What this task involves
If a record contains a picture, leave the picture out and reproduce everything else exactly.

Records for this task
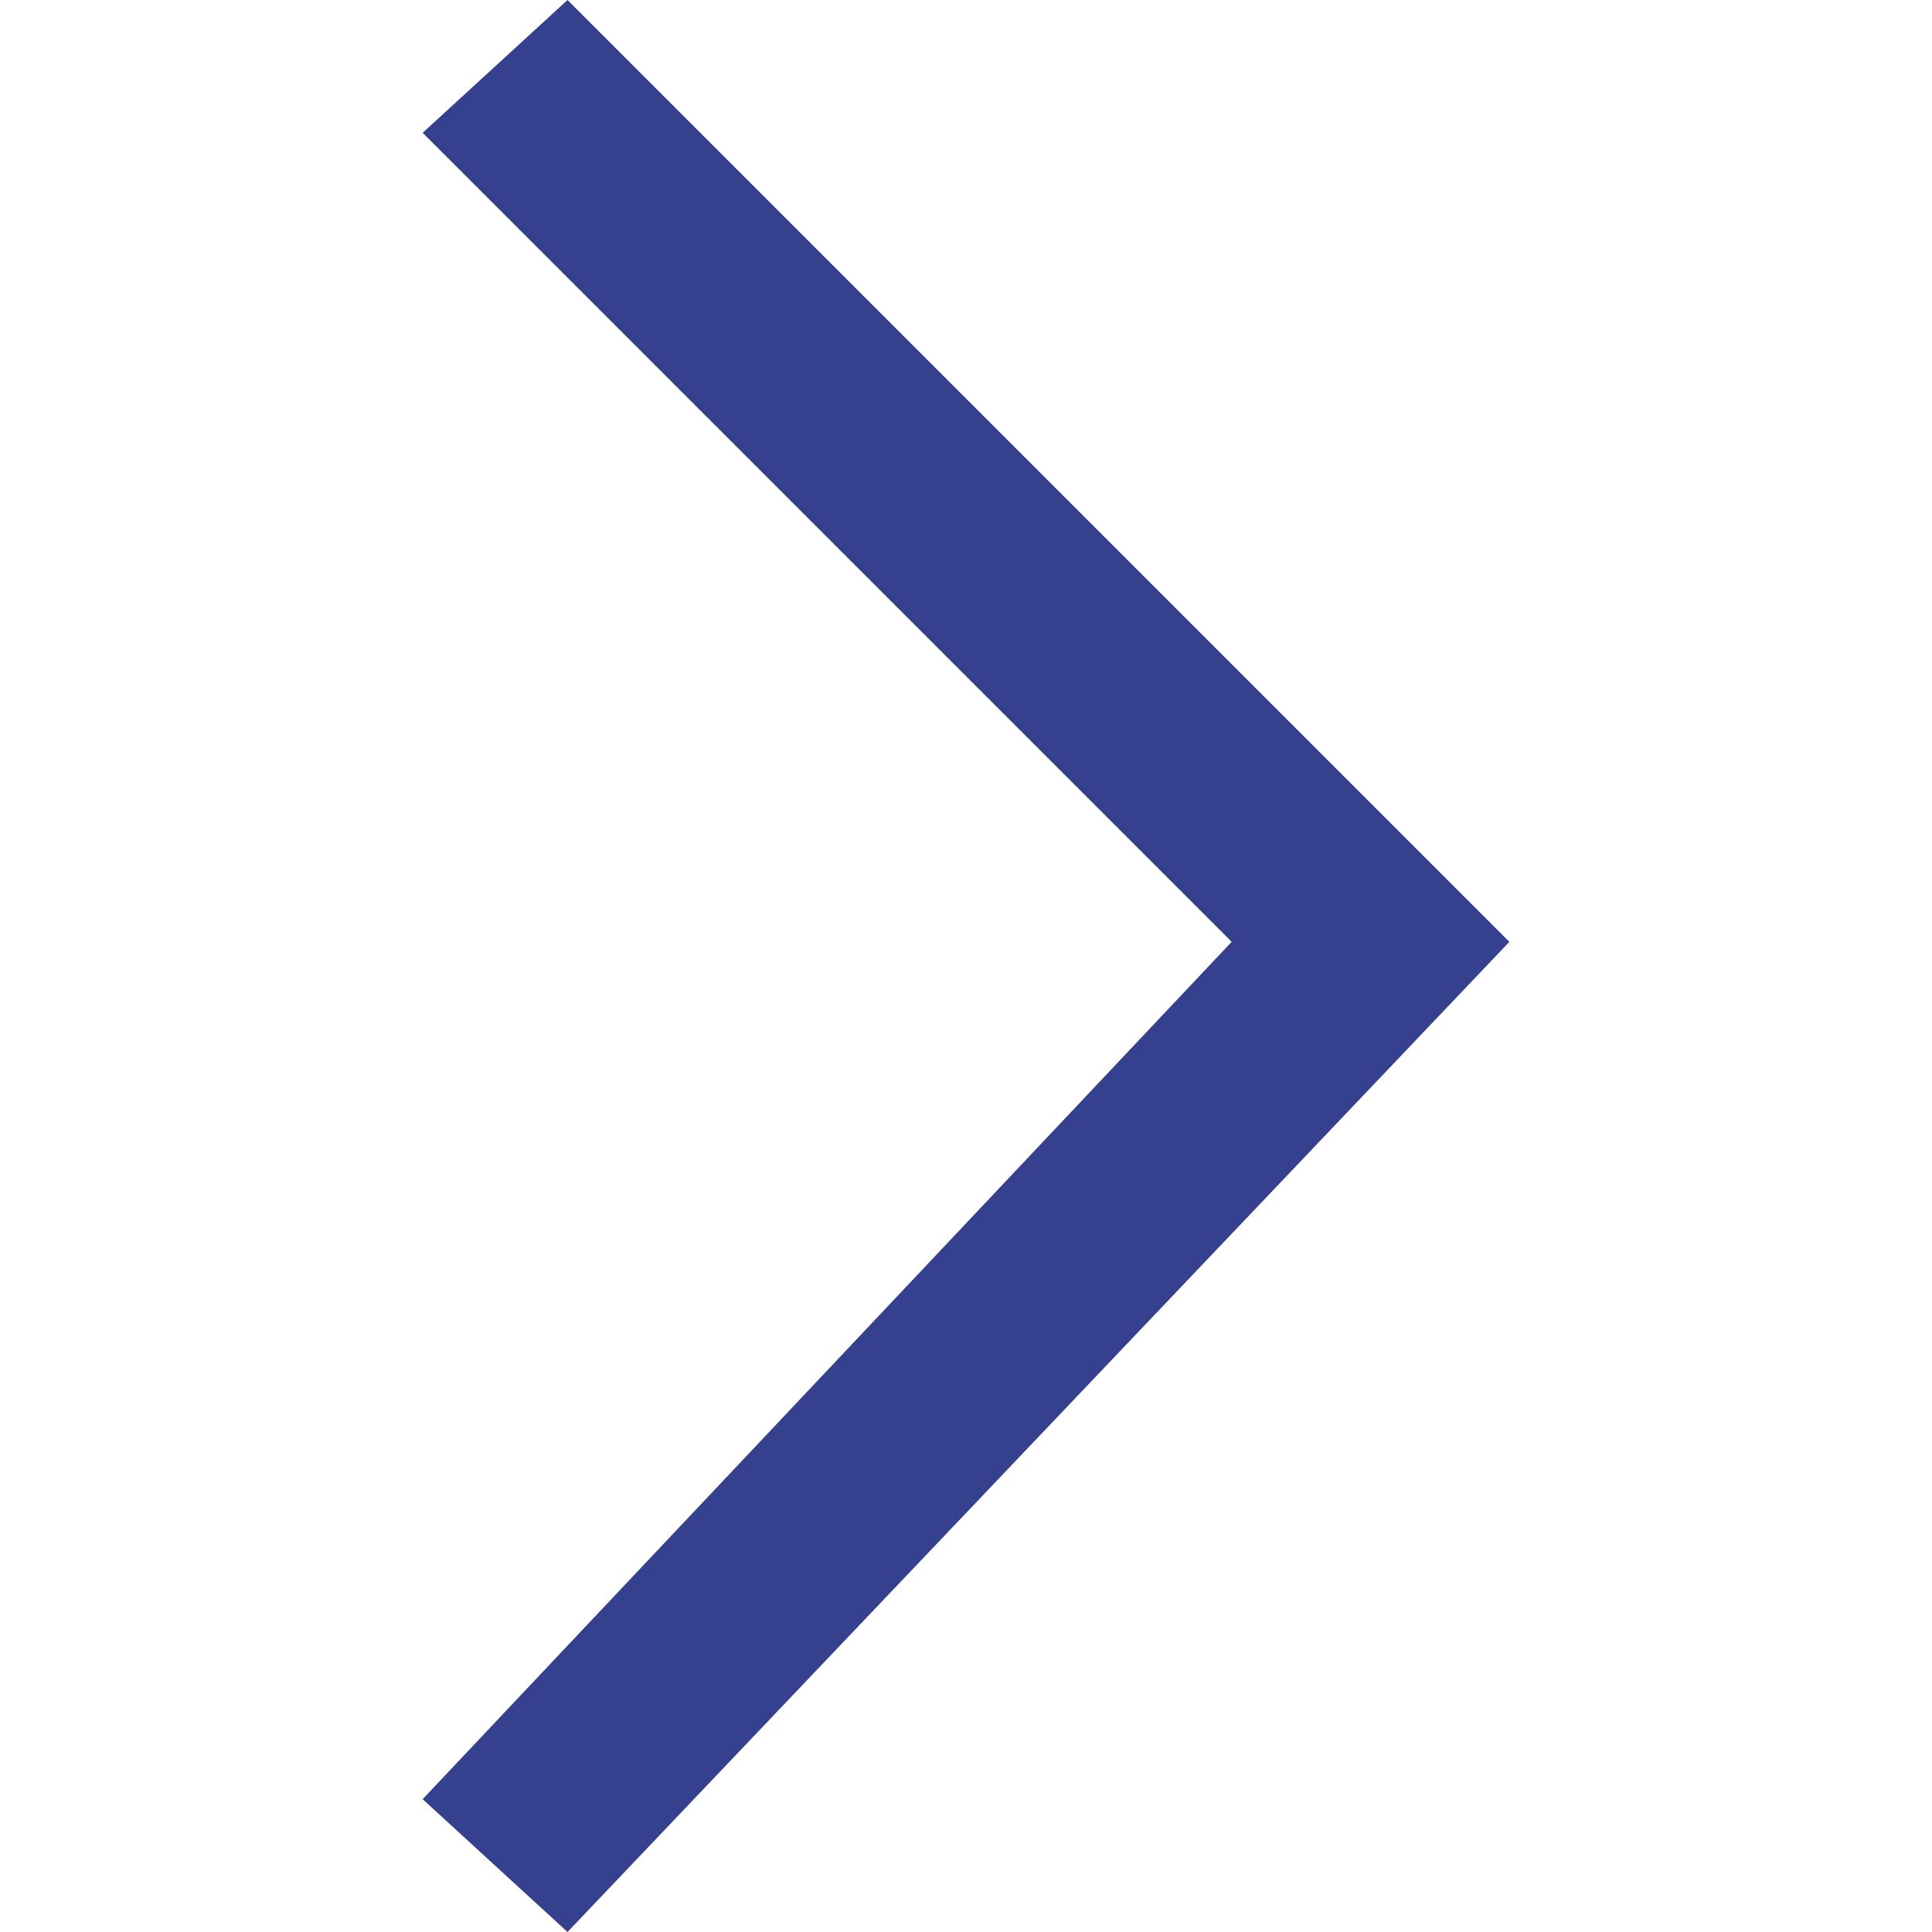<?xml version="1.0" encoding="utf-8"?>
<svg version="1.1" id="Ebene_1" xmlns="http://www.w3.org/2000/svg" xmlns:xlink="http://www.w3.org/1999/xlink" x="0px" y="0px"
	 viewBox="0 0 16 16" width="16" height="16" style="enable-background:new 0 0 16 16;" xml:space="preserve">
<style type="text/css">
	.st0{fill:#35418f;}
</style>
<g id="pfeil_gr_right_16x16">
	<polygon class="st0" points="4.7,16 3.5,14.9 10.2,7.8 3.5,1.1 4.7,0 12.5,7.8 	"/>
</g>
</svg>
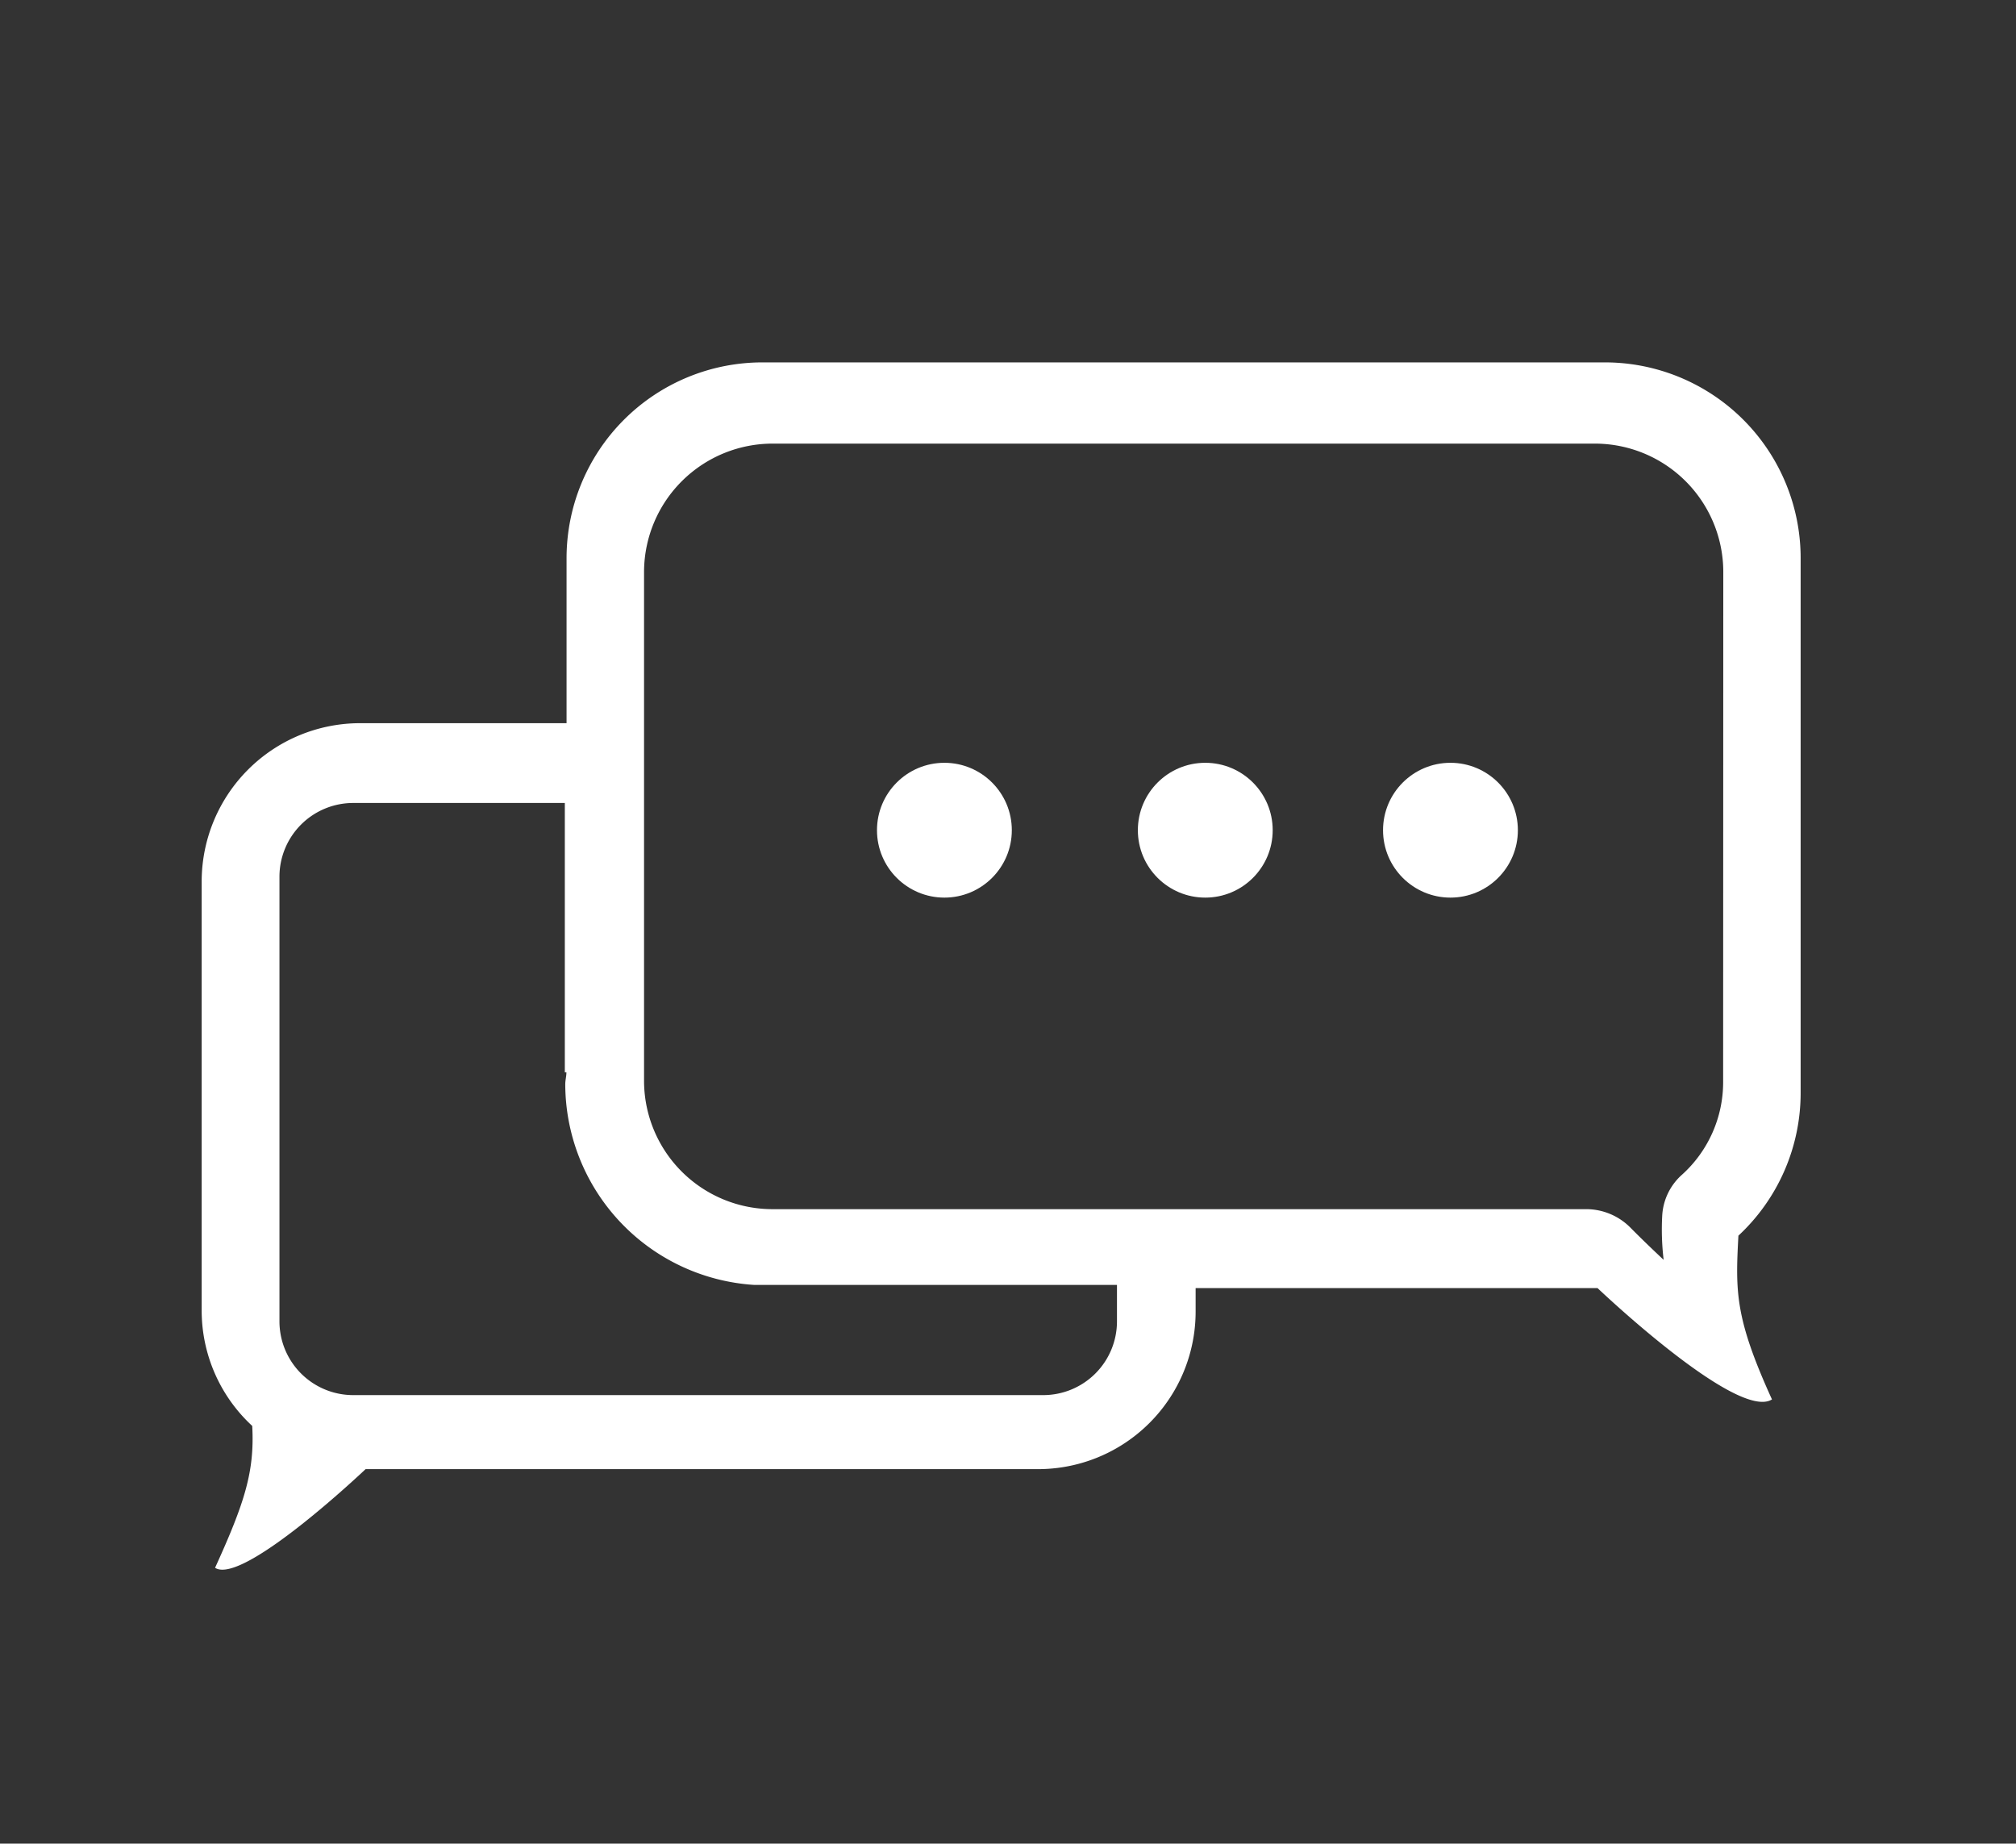 <svg id="Layer_1" data-name="Layer 1"
                                xmlns="http://www.w3.org/2000/svg" viewBox="0 0 139.95 128">
                                <rect x="0" y="0" width="139.95" height="128" fill="#333333" stroke="none"/>
                                <defs>
                                  <style>
                                    .cls-1 {
                                      fill: #fff;
                                    }
                                  </style>
                                </defs>
                                <title>consulting</title>
                                <circle class="cls-1" cx="65.56" cy="57.64" r="4.68" />
                                <circle class="cls-1" cx="83.67" cy="57.64" r="4.68" />
                                <circle class="cls-1" cx="100.69" cy="57.64" r="4.68" />
                                <path class="cls-1"
                                  d="M125,75.84V38.76a13.59,13.59,0,0,0-13.59-13.6H52.93a13.6,13.6,0,0,0-13.6,13.6V50.21H24.95A11,11,0,0,0,14,61.16V91a10.9,10.9,0,0,0,3.51,8c.17,3.15-.51,5.3-2.58,9.85C16.85,110.1,25.38,102,25.38,102H72A10.94,10.94,0,0,0,83,91V89.43h27.9s9.71,9.25,12.11,7.73c-2.57-5.65-2.54-7.46-2.33-11.37A13.53,13.53,0,0,0,125,75.84ZM77.54,91.74a5.12,5.12,0,0,1-5.12,5.12H24.52a5.12,5.12,0,0,1-5.12-5.12V60.86a5.12,5.12,0,0,1,5.12-5.11H39.21V74.45h.11c0,.28-.08.55-.08.83A14,14,0,0,0,52.36,89.21H77.54Zm42.08-16.62a8.65,8.65,0,0,1-2.88,6.46,4.1,4.1,0,0,0-1.35,2.83,17.79,17.79,0,0,0,.1,3.06c-.8-.75-1.59-1.51-2.34-2.27a4.33,4.33,0,0,0-3-1.25H53.71a8.92,8.92,0,0,1-9-8.83V39.64a8.93,8.93,0,0,1,9-8.84h56.92a8.92,8.92,0,0,1,9,8.84Z" />
                              </svg>

Exercise result
<?xml version="1.0" encoding="utf-8"?>
<svg version="1.1" id="Ebene_1" xmlns="http://www.w3.org/2000/svg" xmlns:xlink="http://www.w3.org/1999/xlink" x="0px" y="0px"
	 viewBox="0 0 16 16" width="16" height="16" style="enable-background:new 0 0 16 16;" xml:space="preserve">
<style type="text/css">
	.st0{fill:#35418f;}
</style>
<g id="pfeil_gr_right_16x16">
	<polygon class="st0" points="4.7,16 3.5,14.9 10.2,7.8 3.5,1.1 4.7,0 12.5,7.8 	"/>
</g>
</svg>
 <svg id="Layer_1" data-name="Layer 1"
                                xmlns="http://www.w3.org/2000/svg" viewBox="0 0 139.95 128">
                                <rect x="0" y="0" width="139.95" height="128" fill="#333333" stroke="none"/>
                                <defs>
                                  <style>
                                    .cls-1 {
                                      fill: #fff;
                                    }
                                  </style>
                                </defs>
                                <title>consulting</title>
                                <circle class="cls-1" cx="65.56" cy="57.64" r="4.68" />
                                <circle class="cls-1" cx="83.67" cy="57.64" r="4.68" />
                                <circle class="cls-1" cx="100.69" cy="57.64" r="4.68" />
                                <path class="cls-1"
                                  d="M125,75.84V38.76a13.59,13.59,0,0,0-13.59-13.6H52.93a13.6,13.6,0,0,0-13.6,13.6V50.21H24.95A11,11,0,0,0,14,61.16V91a10.9,10.9,0,0,0,3.51,8c.17,3.15-.51,5.3-2.58,9.85C16.85,110.1,25.38,102,25.38,102H72A10.94,10.94,0,0,0,83,91V89.43h27.9s9.71,9.25,12.11,7.73c-2.57-5.65-2.54-7.46-2.33-11.37A13.53,13.53,0,0,0,125,75.84ZM77.54,91.74a5.12,5.12,0,0,1-5.12,5.12H24.52a5.12,5.12,0,0,1-5.12-5.12V60.86a5.12,5.12,0,0,1,5.12-5.11H39.21V74.45h.11c0,.28-.08.55-.08.83A14,14,0,0,0,52.36,89.21H77.54Zm42.08-16.62a8.65,8.65,0,0,1-2.88,6.46,4.1,4.1,0,0,0-1.35,2.83,17.79,17.79,0,0,0,.1,3.06c-.8-.75-1.59-1.51-2.34-2.27a4.33,4.33,0,0,0-3-1.25H53.71a8.92,8.92,0,0,1-9-8.83V39.64a8.93,8.93,0,0,1,9-8.84h56.92a8.92,8.92,0,0,1,9,8.84Z" />
                              </svg>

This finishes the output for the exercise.